The limited precision of numbers in JavaScript is not an issue for our purposes, because Number.MAX_SAFE_INTEGER nanoseconds is about 104 days, which should be plenty even for long running requests!

The end of a resolver call represents the return of a value for a field, but it does not include resolving subfields. If an asynchronous value such as a promise is returned from a resolver however, the resolver call isn't considered to have ended until the asynchronous value has been resolved.

This field should be a list of path segments starting at the root of the response and ending with the field associated with the error. Path segments that represent fields should be strings, and path segments that represent list indices should be 0‐indexed integers.
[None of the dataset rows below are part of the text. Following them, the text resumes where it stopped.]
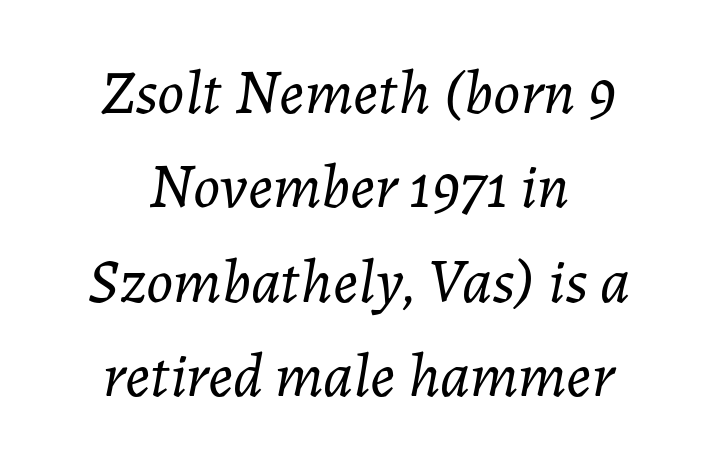
Q: Is the text bold? A: No.
Q: Is the text italic (slanted)? A: Yes, it leans right by about 7 degrees.
Q: Is the text underlined? A: No.
Q: How is the paragraph aligned? A: Centered.
Q: Is the spacing between letters normal or unusually wide? A: Normal.
Q: Is the spacing between lines tight, normal or loose? A: Normal.
Q: Width (condensed, normal, or wide)? A: Normal.
Q: Stroke contrast? A: Low.
Q: x-height? A: Medium.
Q: Monospaced? A: No.
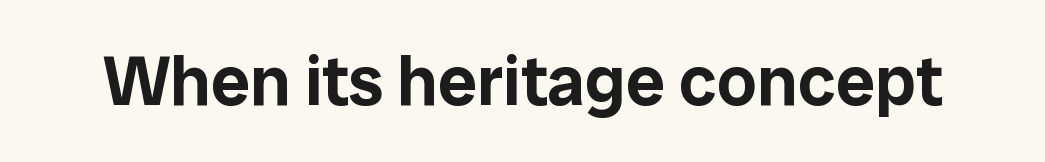
Q: Is the text italic (slanted)? A: No, it is upright.
Q: Is the typeface a serif or a sans-serif typeface? A: Sans-serif.
Q: Is the text underlined? A: No.
Q: Is the spacing between letters normal or unusually wide? A: Normal.
Q: Width (condensed, normal, or wide)? A: Normal.
Q: Stroke contrast? A: Low.
Q: x-height? A: Medium.
Q: Monospaced? A: No.
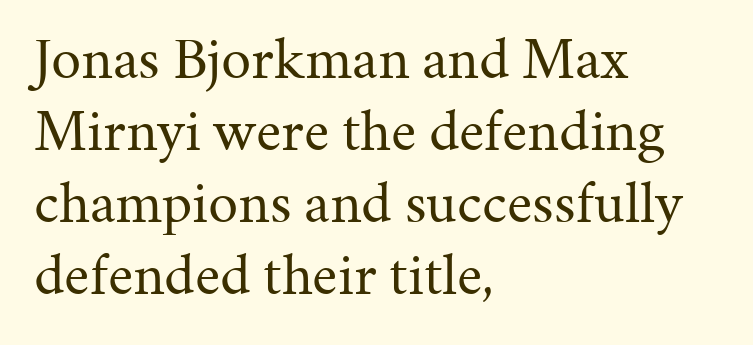
The image shows 60 px regular-weight serif type, upright; set left-aligned, line spacing 1.2x, normal letter spacing, not underlined; medium stroke contrast and a medium x-height.
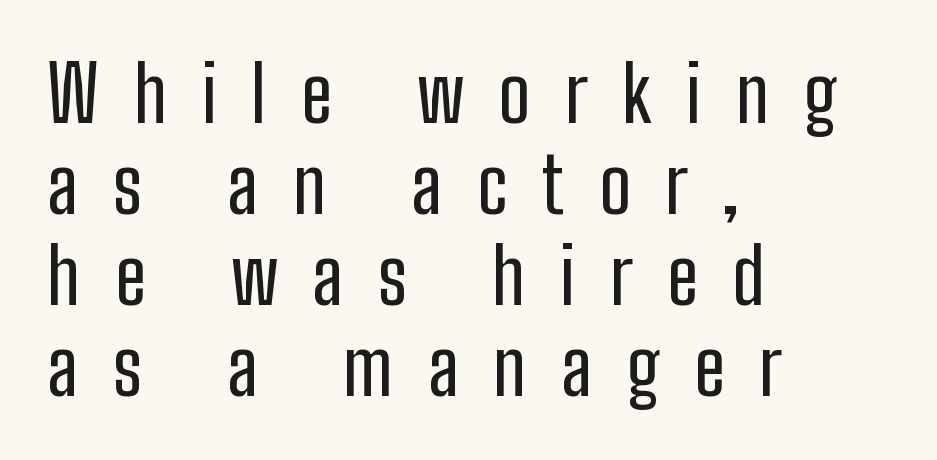
Q: Is the text italic (slanted)? A: No, it is upright.
Q: Is the typeface a serif or a sans-serif typeface? A: Sans-serif.
Q: Is the text underlined? A: No.
Q: How is the paragraph aligned? A: Left-aligned.
Q: Is the spacing between letters normal or unusually wide? A: Unusually wide.
Q: Width (condensed, normal, or wide)? A: Condensed.
Q: Stroke contrast? A: Low.
Q: x-height? A: Medium.
Q: Monospaced? A: No.
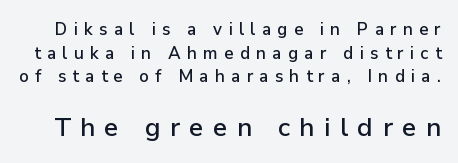
The image shows 26 px text type, upright; set normal line spacing (1.39x), unusually wide letter spacing (+0.36 em), not underlined; the second (bottom) block is 1.53x larger.
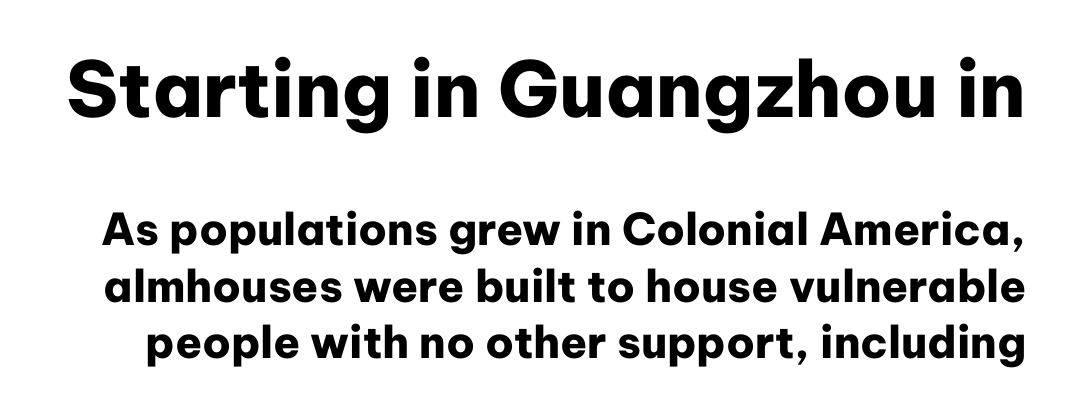
Q: Is the text bold? A: Yes.
Q: Is the text italic (slanted)? A: No, it is upright.
Q: Is the typeface a serif or a sans-serif typeface? A: Sans-serif.
Q: Is the text underlined? A: No.
Q: Is the spacing between letters normal or unusually wide? A: Normal.
Q: Is the spacing between lines tight, normal or loose? A: Normal.
Q: Which block of text is set in a larger size, the first (top) or the second (bottom)? A: The first (top) one.
Q: Width (condensed, normal, or wide)? A: Normal.
Q: Stroke contrast? A: Low.
Q: x-height? A: Medium.
Q: Monospaced? A: No.
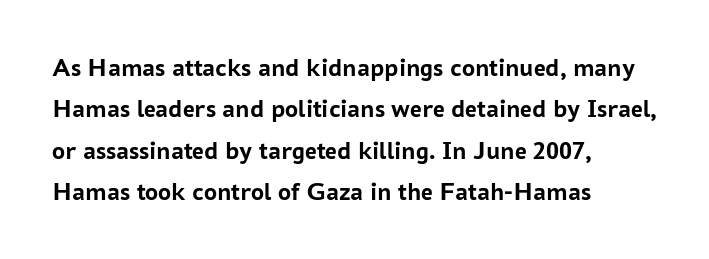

If the error happens in an aliased field, the path to the error should use the aliased name, since it represents a path in the response, not in the query.

Example

query {
  hero {
    name
    friends {
      name
    }
  }
}
{
  "data": {
    "hero": {
      "name": "R2-D2",
      "friends": [
        {
          "name": "Luke Skywalker"
        },
        {
          "name": "Han Solo"
        },
        {
          "name": "Leia Organa"
        }
      ]
    }
  },
  "extensions": {
    "tracing": {
      "version": 1,
      "startTime": "2017-07-28T14:20:32.106Z",
      "endTime": "2017-07-28T14:20:32.109Z",
      "duration": 2694443,
      "parsing": {
        "startOffset": 34953,
        "duration": 351736,
      },
      "validation": {
        "startOffset": 412349,
        "duration": 670107,
      },
      "execution": {
        "resolvers": [
          {
            "path": [
              "hero"
            ],
            "parentType": "Query",
            "fieldName": "hero",
            "returnType": "Character",
            "startOffset": 1172456,
            "duration": 215657
          },
          {
            "path": [
              "hero",
              "name"
            ],
            "parentType": "Droid",
            "fieldName": "name",
            "returnType": "String!",
            "startOffset": 1903307,
            "duration": 73098
          },
          {
            "path": [
              "hero",
              "friends"
            ],
            "parentType": "Droid",
            "fieldName": "friends",
            "returnType": "[Character]",
            "startOffset": 1992644,
            "duration": 522178
          },
          {
            "path": [
              "hero",
              "friends",
              0,
              "name"
            ],
            "parentType": "Human",
            "fieldName": "name",
            "returnType": "String!",
            "startOffset": 2445097,
            "duration": 18902
          },
          {
            "path": [
              "hero",
              "friends",
              1,
              "name"
            ],
            "parentType": "Human",
            "fieldName": "name",
            "returnType": "String!",
            "startOffset": 2488750,
            "duration": 2141
          },
          {
            "path": [
              "hero",
              "friends",
              2,
              "name"
            ],
            "parentType": "Human",
            "fieldName": "name",
            "returnType": "String!",
            "startOffset": 2501461,
            "duration": 1657
          }
        ]
      }
    }
  }
}

Compression

We recommend that people enable compression in their GraphQL server, because the tracing format adds to the response size, but compresses well.

Although we tried other approaches to make the tracing format more compact (including deduplication of keys, common items, and structure) this complicated generating and interpreting trace data, and didn't bring the size down as much as compressing the entire HTTP response body does.

In our tests on Node.js, the processing overhead of compression is less than the overhead of sending additional bytes for an uncompressed response. But more test results from different server environments are definitely welcome, so we can help people make an informed decision about this.